The mandatory seat-belt, motorcycle helmets and speed limitations markedly pushed down the plateau in the seventies. In the eighties came the measures and focus on driving under the influence of alcohol and the nineties saw the introduction of the PAPs, each taking down the plateau another notch. In 2002 came the now ubiquitous speed cameras, under the forceful bid of President Sarkozy. We need not stress the variety of education campaigns that preceded and accompanied each downward push towards safer roads and less horrific casualties.

We do not either need to stress that none of these step-wise measures were easily accepted. The inertia and populism ingrained in the road user community, some vested interest groups and rearguard sectoral media were ever present at each progressive milestone. It needed determined political will acting on the best advice of knowledgeable traffic and road fatality analysts, constantly monitoring and advising on measures that are effective, those that demand adjustment and those rare ones that should be scrapped altogether and without delay, if their impact is demonstrably negative.

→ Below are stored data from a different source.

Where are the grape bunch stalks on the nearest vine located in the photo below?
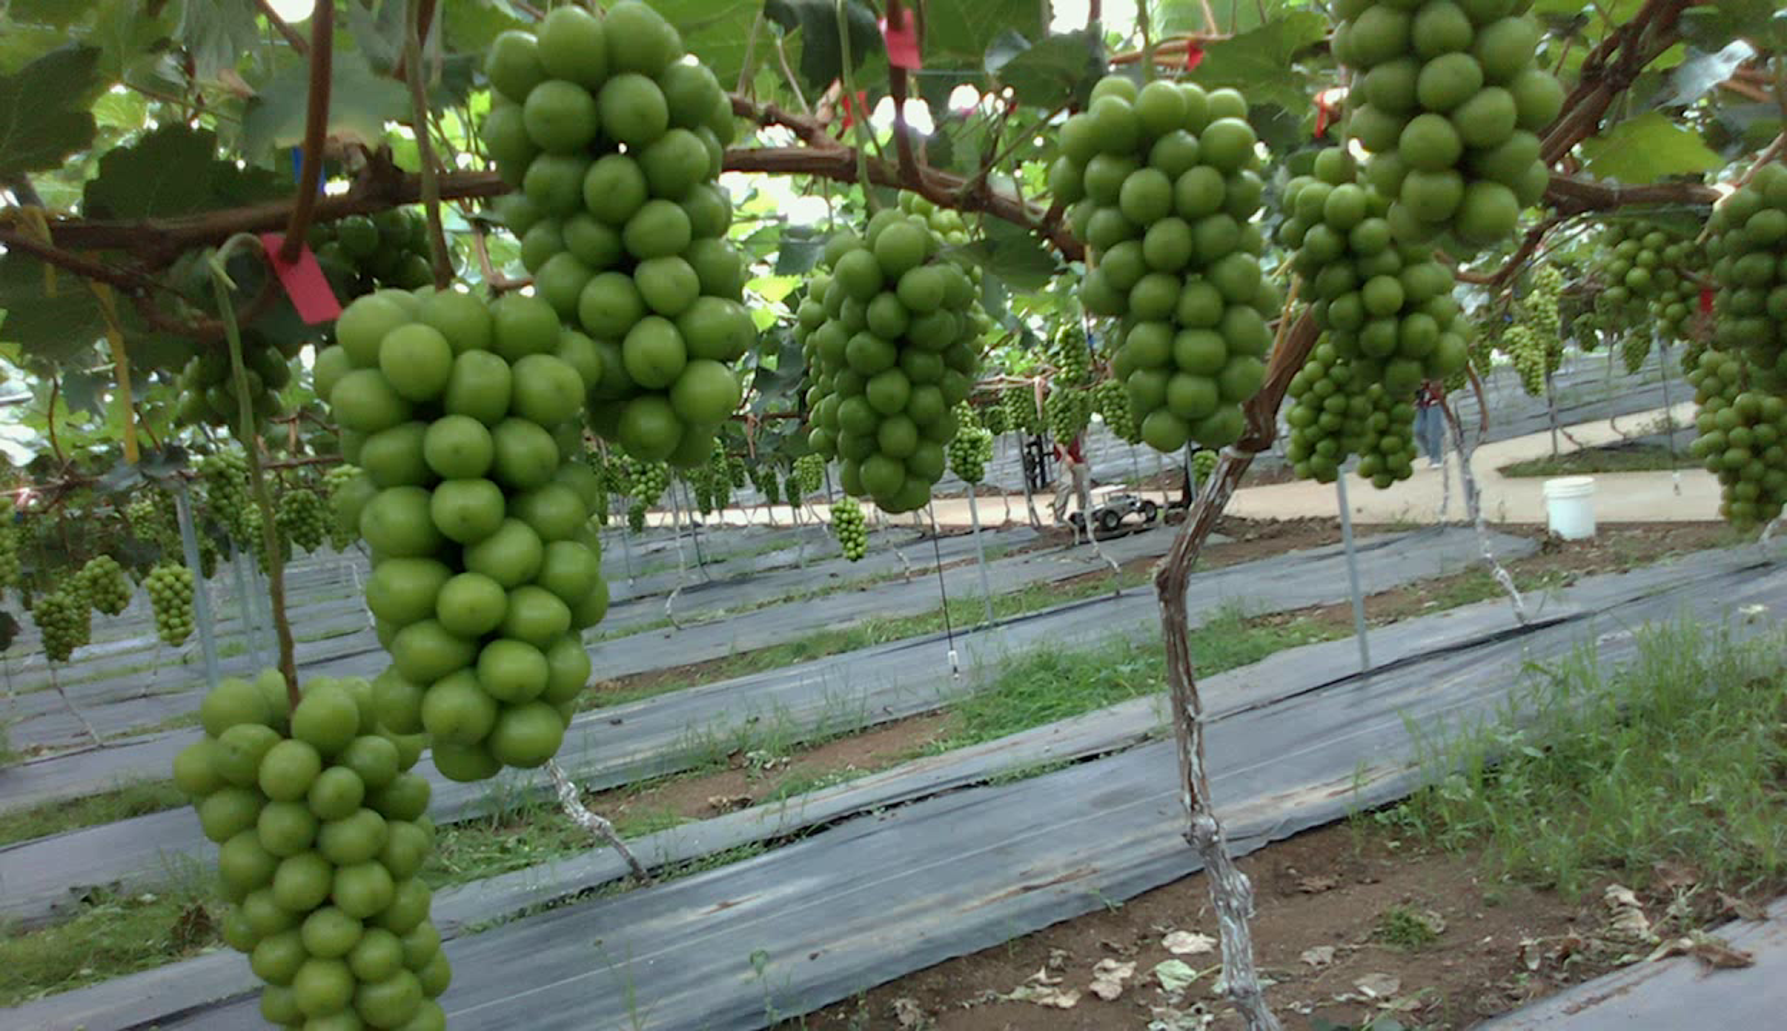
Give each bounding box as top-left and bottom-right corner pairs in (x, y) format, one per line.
(1137, 0), (1153, 83)
(402, 1), (450, 294)
(1337, 96), (1350, 152)
(210, 235), (299, 710)
(836, 1), (881, 219)
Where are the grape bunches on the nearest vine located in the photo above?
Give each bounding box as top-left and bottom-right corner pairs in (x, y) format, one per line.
(483, 1), (752, 467)
(1047, 74), (1282, 454)
(1277, 146), (1473, 395)
(1329, 1), (1564, 243)
(311, 286), (609, 782)
(818, 208), (978, 514)
(1707, 162), (1786, 388)
(173, 669), (452, 1030)

We have such a situation here where quite obviously the Permis à Points (PAP) and the speedcams over three years reduced road death tolls from its previous 155 average plateau to a new 135 average. The PAP, once fine-tuned, beholds every driver to act responsibly while fines can be borne by the self-employed, the employers or businesses who shrug them off as part of their distribution or marketing and sales business costs. Despite compensatory master-plans and strategies, with the political abatement of these two measures, road fatalities have racketed up dramatically and may cross the 180 mark in 2018.

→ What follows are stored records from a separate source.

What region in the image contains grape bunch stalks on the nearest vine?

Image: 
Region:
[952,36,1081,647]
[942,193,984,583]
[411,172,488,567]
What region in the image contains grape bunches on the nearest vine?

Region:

An intelligent body politic should have taken stock, fine-tuned or adjusted the measures and focused on a new set that might take the plateau a few downward notches towards 120 or 100 with the combined help of media, private sector and concerned NGOs. By removing the first and obviating the second for long periods, we gave bad signals and took a dramatic and demonstrable wrong turn. It is high time to reverse the trajectory that has not only failed but actually reversed death tolls and greater road safety in the country.